DataFrame saveAsTable is persisting all the column values properly but insertInto function is not storing all the columns especially json data is truncated and sub-sequent column in not stored hive table.
Our Environment
- Spark 2.2.0
- EMR 5.10.0
- Scala 2.11.8
The sample data is
a8f11f90-20c9-11e8-b93e-2fc569d27605 efe5bdb3-baac-5d8e-6cae57771c13 Unknown E657F298-2D96-4C7D-8516-E228153FE010 NonDemarcated {"org-id":"efe5bdb3-baac-5d8e-6cae57771c13","nodeid":"N02c00056","parkingzoneid":"E657F298-2D96-4C7D-8516-E228153FE010","site-id":"a8f11f90-20c9-11e8-b93e-2fc569d27605","channel":1,"type":"Park","active":true,"tag":"","configured_date":"2017-10-23
23:29:11.20","vs":[5.0,1.7999999523162842,1.5]}
DF SaveAsTable
val spark = SparkSession.builder().appName("Spark SQL Test").
config("hive.exec.dynamic.partition", "true").
config("hive.exec.dynamic.partition.mode", "nonstrict").

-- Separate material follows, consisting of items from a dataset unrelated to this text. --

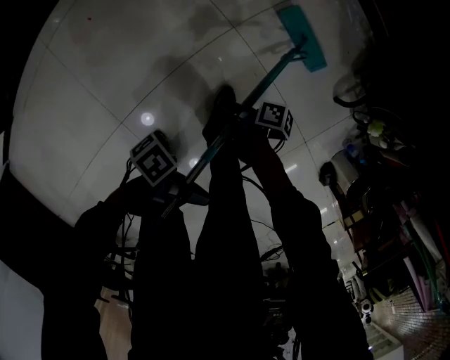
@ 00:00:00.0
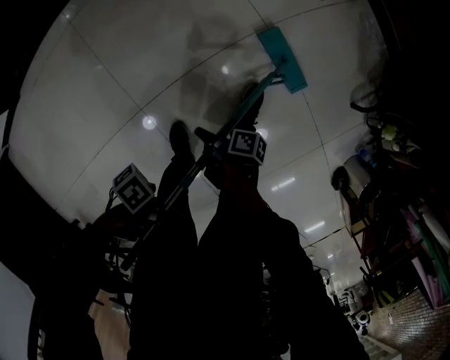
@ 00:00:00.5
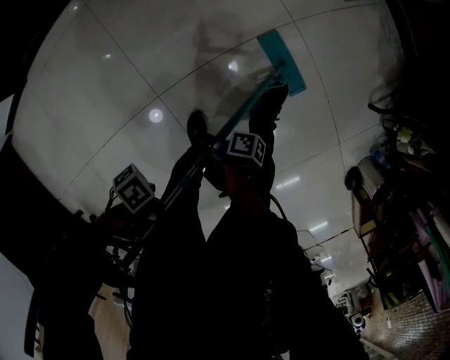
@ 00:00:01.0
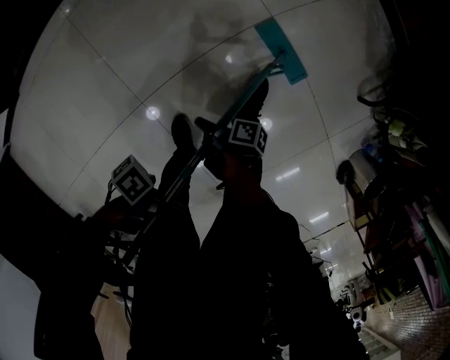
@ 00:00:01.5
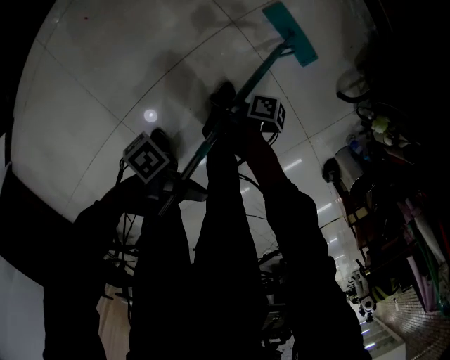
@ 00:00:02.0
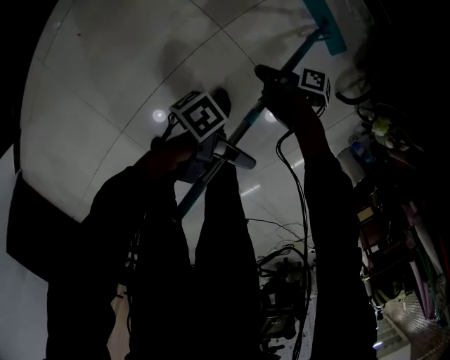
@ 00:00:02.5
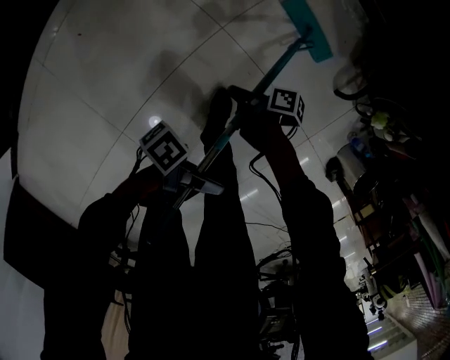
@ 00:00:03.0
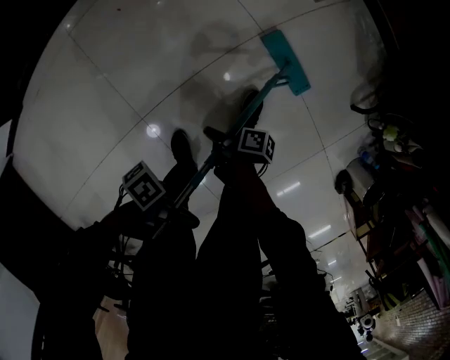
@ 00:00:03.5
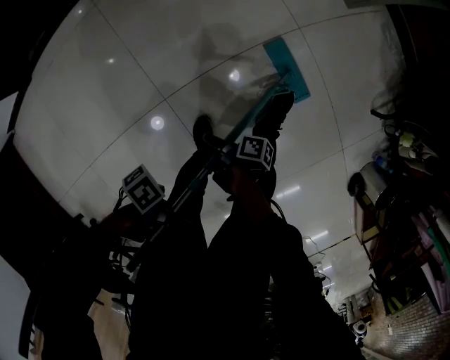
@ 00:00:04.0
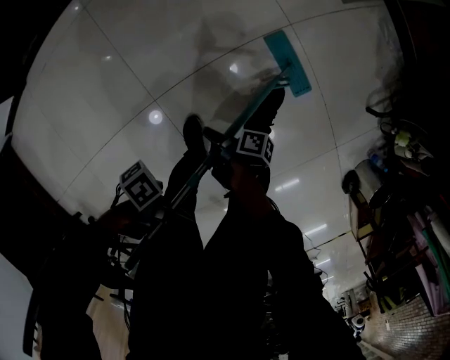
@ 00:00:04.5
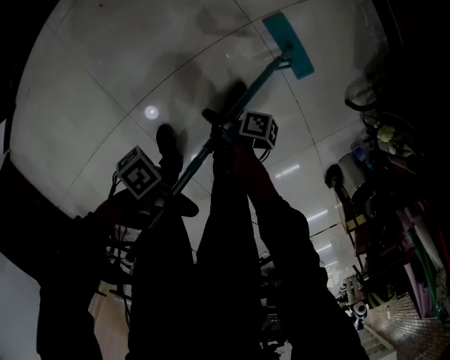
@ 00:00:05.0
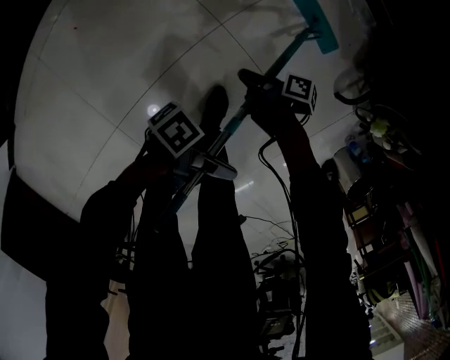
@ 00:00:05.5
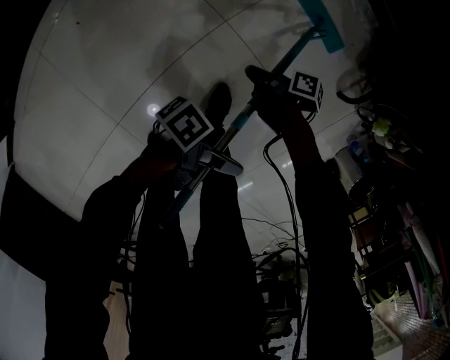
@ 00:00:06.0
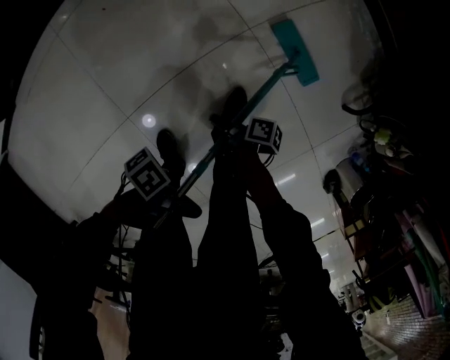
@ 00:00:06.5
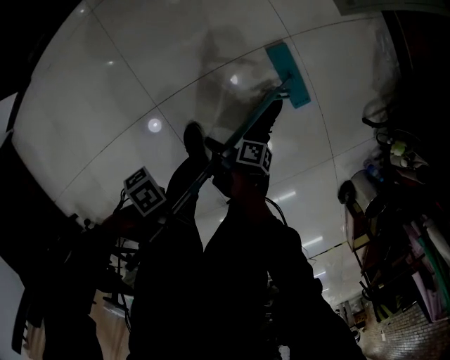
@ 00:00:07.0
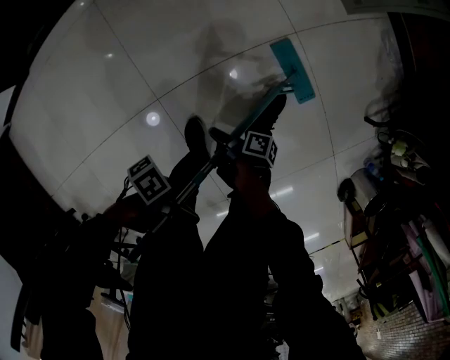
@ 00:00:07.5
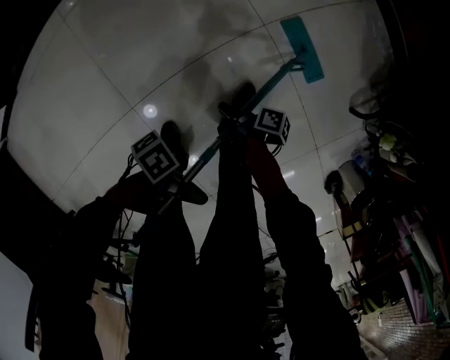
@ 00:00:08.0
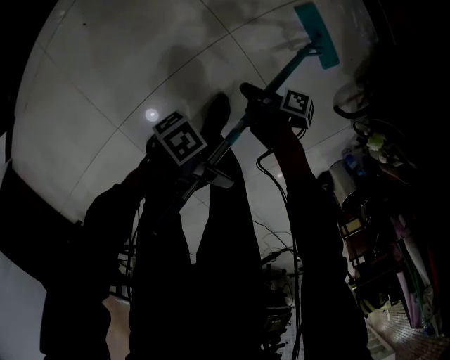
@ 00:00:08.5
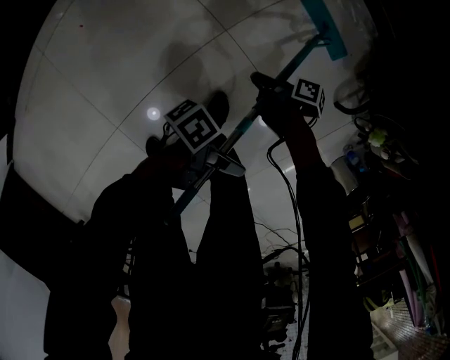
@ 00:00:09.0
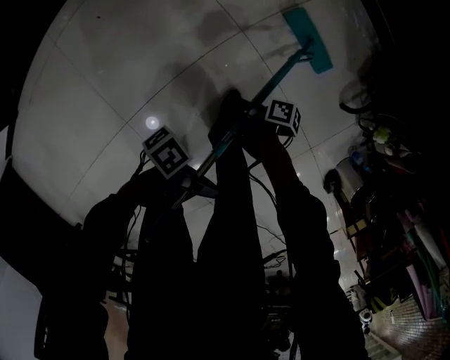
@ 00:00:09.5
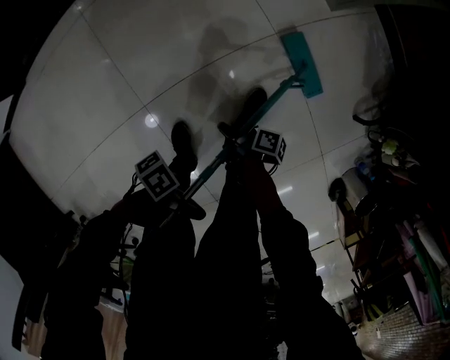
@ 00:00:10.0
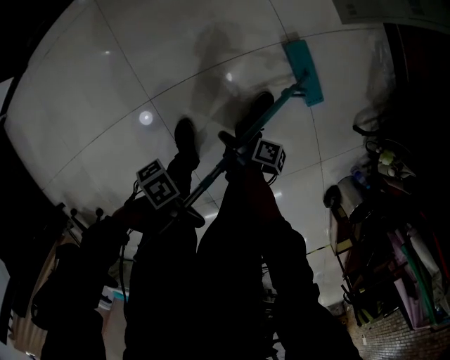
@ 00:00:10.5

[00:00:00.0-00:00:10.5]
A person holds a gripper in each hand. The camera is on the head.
00:00:00.0 to 00:00:02.0: The left gripper moves about 20 cm downward and comes back; the right gripper travels downward and back again, roughly 20 cm each way.
00:00:02.0 to 00:00:04.0: The left gripper shifts by about 30 cm, while the right gripper ends up some 35 cm from where it was.
00:00:06.5 to 00:00:08.5: The left gripper moves some 20 cm, while the right gripper moves some 20 cm.
00:00:08.5 to 00:00:10.5: The left gripper ends up about 30 cm from where it was. Meanwhile the right gripper shifts by about 35 cm.

enableHiveSupport().getOrCreate()
val zoneStatus = spark.table("zone_status")
zoneStatus.select(col("site-id"),col("org-id"), col("groupid"), col("zid"), col("type"), lit(0), col("config"), unix_timestamp().alias("ts")).

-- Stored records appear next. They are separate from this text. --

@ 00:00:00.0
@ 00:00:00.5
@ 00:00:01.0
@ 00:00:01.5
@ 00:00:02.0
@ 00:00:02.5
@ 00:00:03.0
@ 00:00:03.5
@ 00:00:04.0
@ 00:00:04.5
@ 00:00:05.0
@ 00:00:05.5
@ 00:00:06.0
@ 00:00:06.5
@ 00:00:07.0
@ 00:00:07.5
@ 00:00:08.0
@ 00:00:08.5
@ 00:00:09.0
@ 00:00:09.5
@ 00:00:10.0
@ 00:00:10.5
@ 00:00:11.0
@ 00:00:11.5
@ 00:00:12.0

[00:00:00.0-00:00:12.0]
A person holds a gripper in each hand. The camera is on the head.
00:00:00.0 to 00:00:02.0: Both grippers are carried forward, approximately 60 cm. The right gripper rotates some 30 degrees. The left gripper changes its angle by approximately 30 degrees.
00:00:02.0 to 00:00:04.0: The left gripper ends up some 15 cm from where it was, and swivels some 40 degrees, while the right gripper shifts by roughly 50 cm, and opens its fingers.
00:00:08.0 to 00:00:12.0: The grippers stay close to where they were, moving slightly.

write.mode(SaveMode.Overwrite).saveAsTable("dwh_zone_status")
Stored data properly in result table:
a8f11f90-20c9-11e8-b93e-2fc569d27605 efe5bdb3-baac-5d8e-6cae57771c13 Unknown E657F298-2D96-4C7D-8516-E228153FE010 NonDemarcated 0 {"org-id":"efe5bdb3-baac-5d8e-6cae57771c13","nodeid":"N02c00056","parkingzoneid":"E657F298-2D96-4C7D-8516-E228153FE010","site-id":"a8f11f90-20c9-11e8-b93e-2fc569d27605","channel":1,"type":"Park","active":true,"tag":"","configured_date":"2017-10-23 23:29:11.20","vs":[5.0,1.7999999523162842,1.5]} 1520453589
DF insertInto
zoneStatus.
select(col("site-id"),col("org-id"), col("groupid"), col("zid"), col("type"), lit(0), col("config"), unix_timestamp().alias("ts")).
write.mode(SaveMode.Overwrite).insertInto("zone_status_insert")

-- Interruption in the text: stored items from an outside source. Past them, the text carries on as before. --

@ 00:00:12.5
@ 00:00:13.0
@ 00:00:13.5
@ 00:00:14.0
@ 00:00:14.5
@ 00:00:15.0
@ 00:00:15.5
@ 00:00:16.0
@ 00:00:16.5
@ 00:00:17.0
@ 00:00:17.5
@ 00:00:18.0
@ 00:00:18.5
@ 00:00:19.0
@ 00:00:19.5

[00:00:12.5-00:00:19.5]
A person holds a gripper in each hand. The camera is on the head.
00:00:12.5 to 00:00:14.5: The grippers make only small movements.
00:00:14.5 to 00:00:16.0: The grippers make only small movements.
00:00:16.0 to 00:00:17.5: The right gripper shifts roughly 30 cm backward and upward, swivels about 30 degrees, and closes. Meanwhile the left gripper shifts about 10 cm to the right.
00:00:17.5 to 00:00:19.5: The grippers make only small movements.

But insertInto is not persisting all the contents. The json string is storing partially and sub-sequent column is not stored.
a8f11f90-20c9-11e8-b93e-2fc569d27605 efe5bdb3-baac-5d8e-6cae57771c13 Unknown E657F298-2D96-4C7D-8516-E228153FE010 NonDemarcated 0 {"org-id":"efe5bdb3-baac-5d8e-6cae57771c13" NULL
We are using insertInto functions in our projects and recently encountered when parsing json data to pull other metrics. We noticed that the config content is not stored fully. Planning to change to saveAsTable but we can avoid the code change, if any workaround available to add in spark configuration.